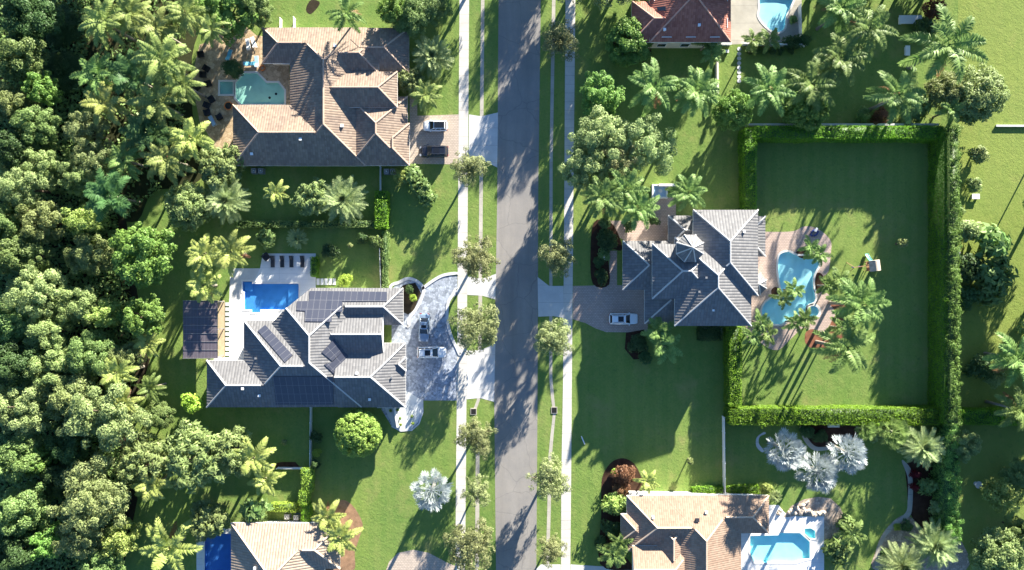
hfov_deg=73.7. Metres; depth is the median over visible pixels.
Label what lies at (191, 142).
palm
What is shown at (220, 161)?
broadleaf tree
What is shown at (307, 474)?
hedge
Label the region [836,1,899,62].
royal palm
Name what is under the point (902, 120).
shrub
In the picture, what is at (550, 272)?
gutter strip
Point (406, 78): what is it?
broadleaf tree
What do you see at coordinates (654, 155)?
oak tree
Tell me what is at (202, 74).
garden chair
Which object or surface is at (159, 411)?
broadleaf tree
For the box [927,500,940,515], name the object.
shrub
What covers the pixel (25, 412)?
broadleaf tree
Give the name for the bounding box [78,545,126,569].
broadleaf tree
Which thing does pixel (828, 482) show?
silver palm
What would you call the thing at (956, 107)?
palm
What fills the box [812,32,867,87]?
royal palm
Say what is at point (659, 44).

++++++++++++++++++++

#### ASSIGNED TASK:
The data must be printed exactly, image-free.

#### ANSWER SECTION:
hfov_deg=73.7. Metres; depth is the median over visible pixels.
Label what lies at (191, 142).
palm
What is shown at (220, 161)?
broadleaf tree
What is shown at (307, 474)?
hedge
Label the region [836,1,899,62].
royal palm
Name what is under the point (902, 120).
shrub
In the picture, what is at (550, 272)?
gutter strip
Point (406, 78): what is it?
broadleaf tree
What do you see at coordinates (654, 155)?
oak tree
Tell me what is at (202, 74).
garden chair
Which object or surface is at (159, 411)?
broadleaf tree
For the box [927,500,940,515], name the object.
shrub
What covers the pixel (25, 412)?
broadleaf tree
Give the name for the bounding box [78,545,126,569].
broadleaf tree
Which thing does pixel (828, 482) show?
silver palm
What would you call the thing at (956, 107)?
palm
What fills the box [812,32,867,87]?
royal palm
Say what is at point (659, 44).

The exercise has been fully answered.